Data items:
--- START ---

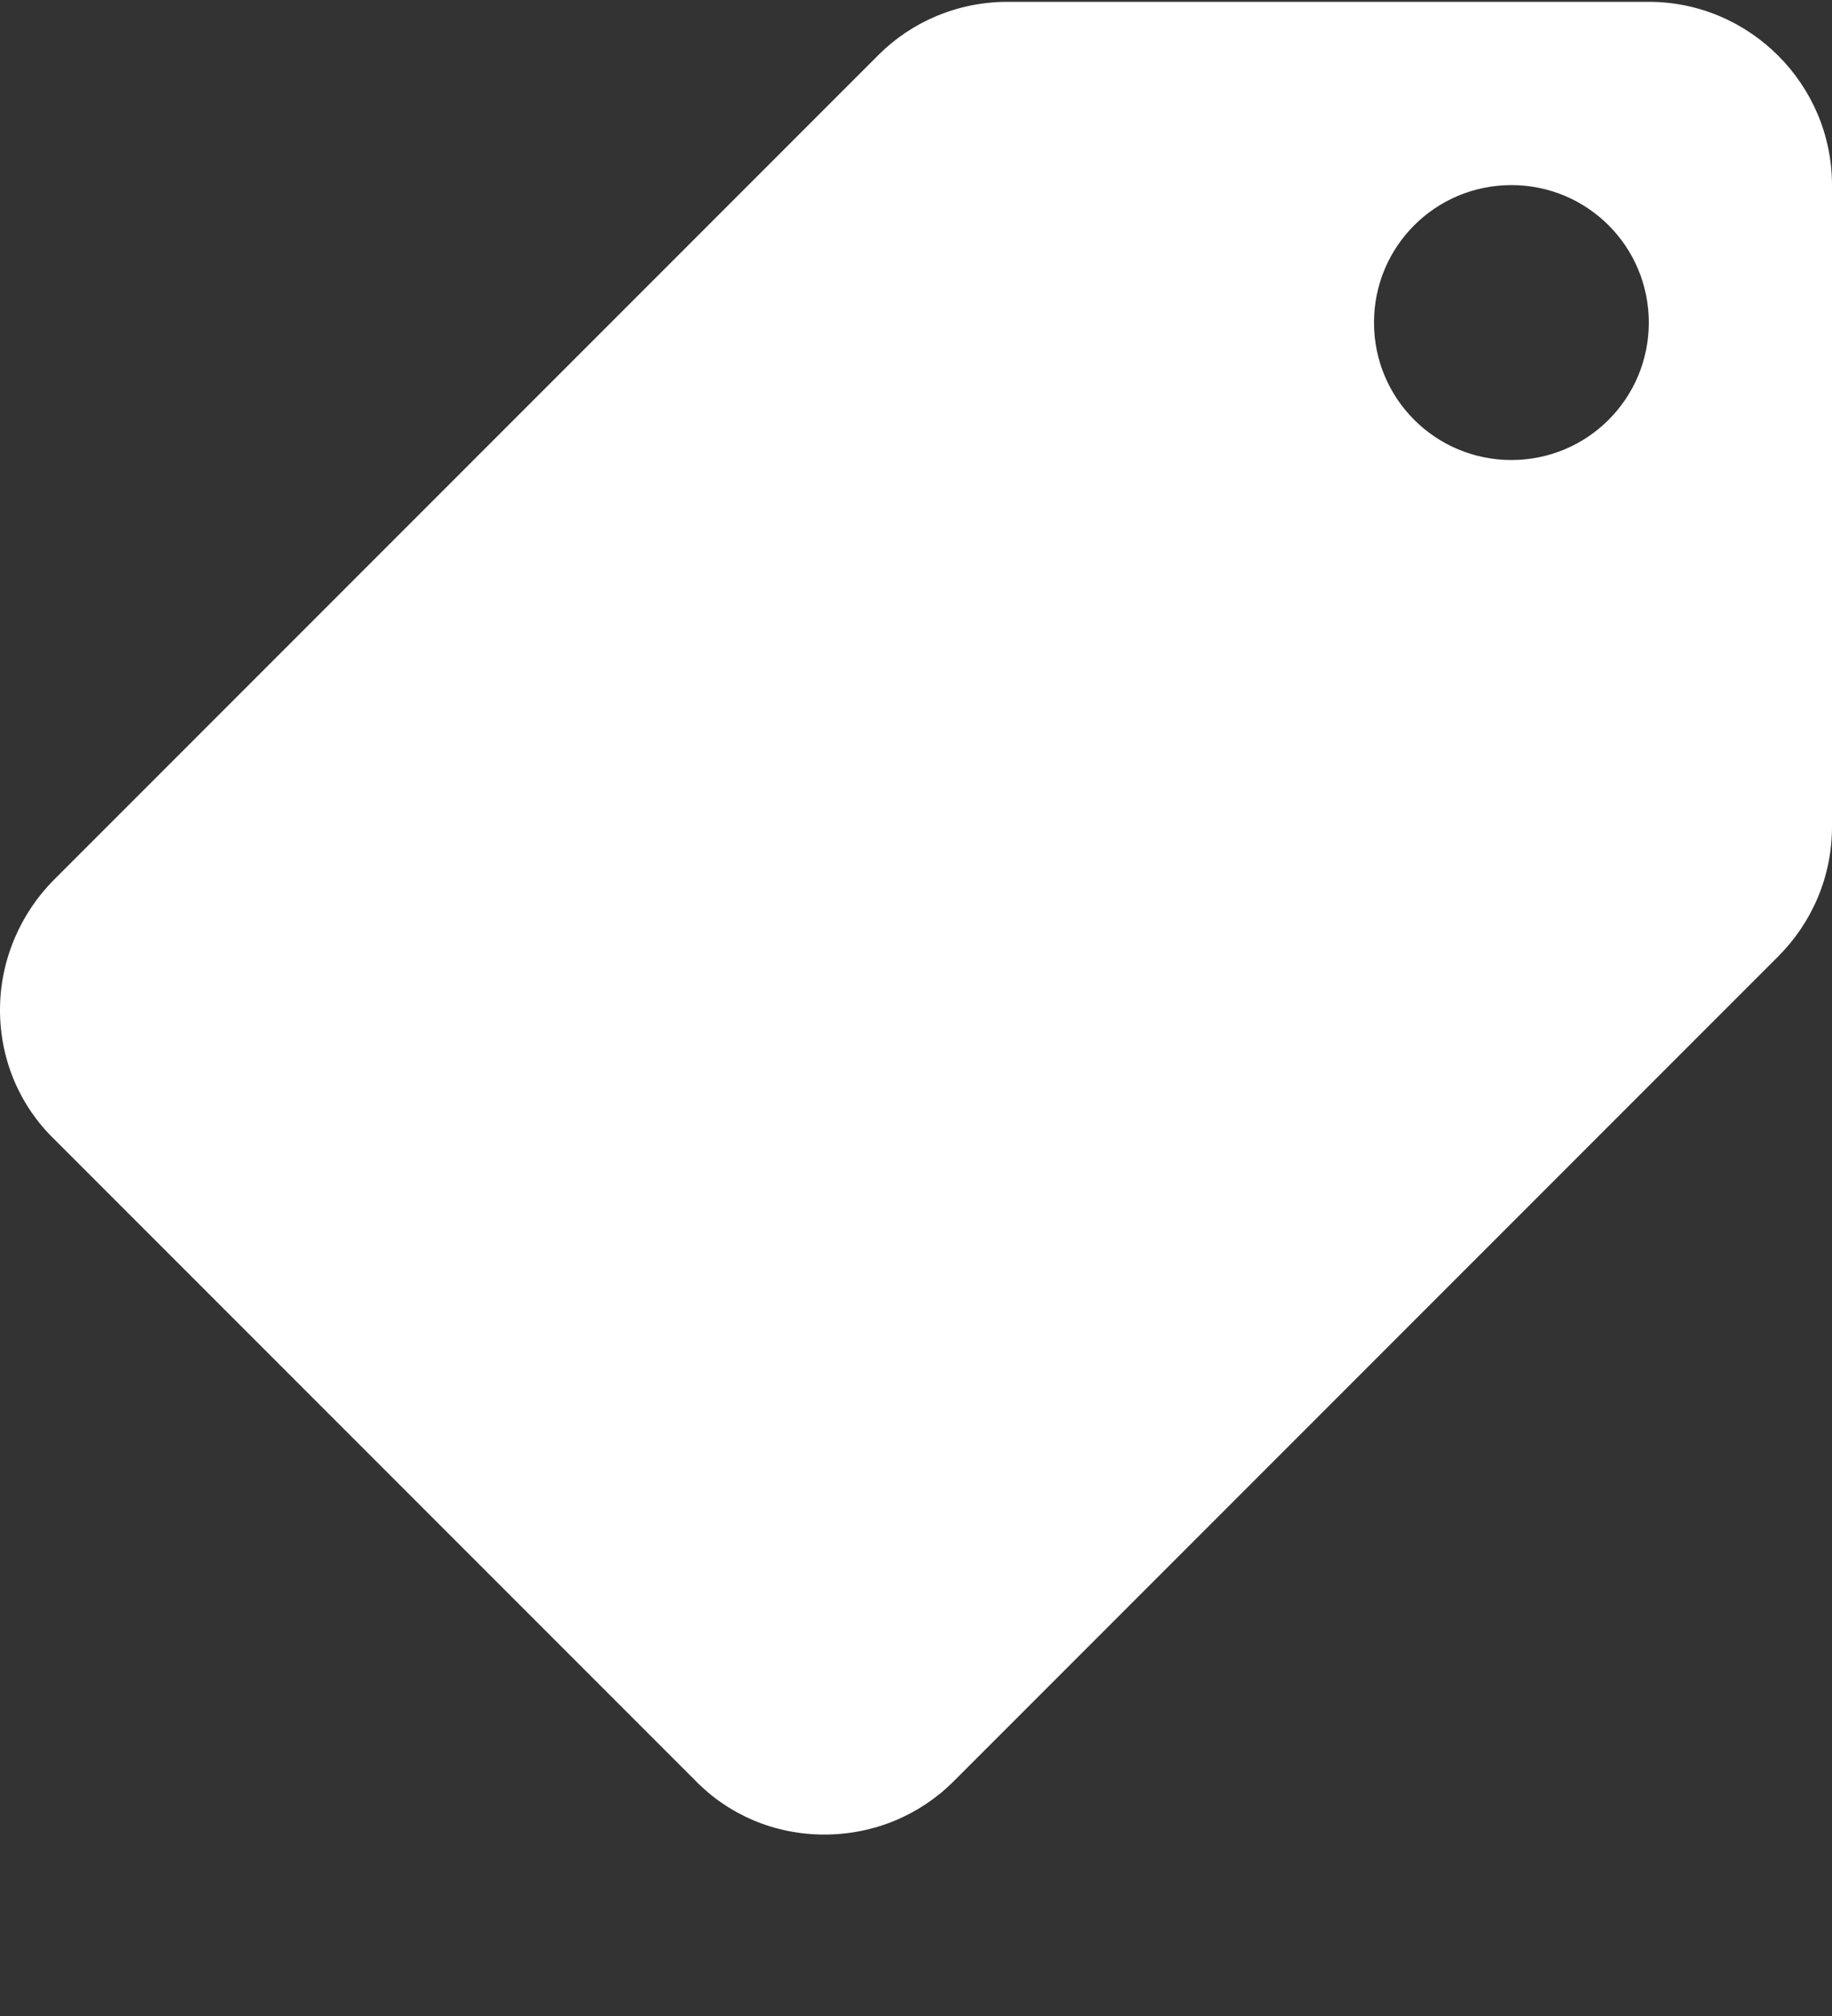 <?xml version="1.0" encoding="UTF-8"?>
<svg xmlns="http://www.w3.org/2000/svg" width="10" height="11" viewBox="0 0 10 11" fill="none">
  <rect x="0" y="0" width="10" height="11" fill="#333333" stroke="none"/>
  <path d="M0.295 4.8L4.795 0.3C4.975 0.12 5.225 0.01 5.5 0.01H9C9.55 0.01 10 0.46 10 1.01V4.51C10 4.785 9.89 5.035 9.705 5.22L5.205 9.72C5.025 9.9 4.775 10.01 4.5 10.01C4.225 10.01 3.975 9.9 3.795 9.715L0.295 6.215C0.11 6.035 0 5.785 0 5.51C0 5.235 0.115 4.98 0.295 4.8ZM8.25 2.51C8.665 2.51 9 2.175 9 1.76C9 1.345 8.665 1.01 8.25 1.01C7.835 1.01 7.5 1.345 7.5 1.76C7.5 2.175 7.835 2.51 8.25 2.51Z" fill="white"></path>
</svg>

--- END ---

Required work:
When restating the records word for word, omit any picture they contain.

Response area:
 <?xml version="1.0" encoding="UTF-8"?>
<svg xmlns="http://www.w3.org/2000/svg" width="10" height="11" viewBox="0 0 10 11" fill="none">
  <rect x="0" y="0" width="10" height="11" fill="#333333" stroke="none"/>
  <path d="M0.295 4.8L4.795 0.3C4.975 0.12 5.225 0.01 5.5 0.01H9C9.55 0.01 10 0.46 10 1.01V4.51C10 4.785 9.89 5.035 9.705 5.22L5.205 9.72C5.025 9.9 4.775 10.01 4.5 10.01C4.225 10.01 3.975 9.9 3.795 9.715L0.295 6.215C0.11 6.035 0 5.785 0 5.51C0 5.235 0.115 4.98 0.295 4.8ZM8.25 2.51C8.665 2.51 9 2.175 9 1.76C9 1.345 8.665 1.01 8.25 1.01C7.835 1.01 7.5 1.345 7.5 1.76C7.5 2.175 7.835 2.51 8.25 2.51Z" fill="white"></path>
</svg>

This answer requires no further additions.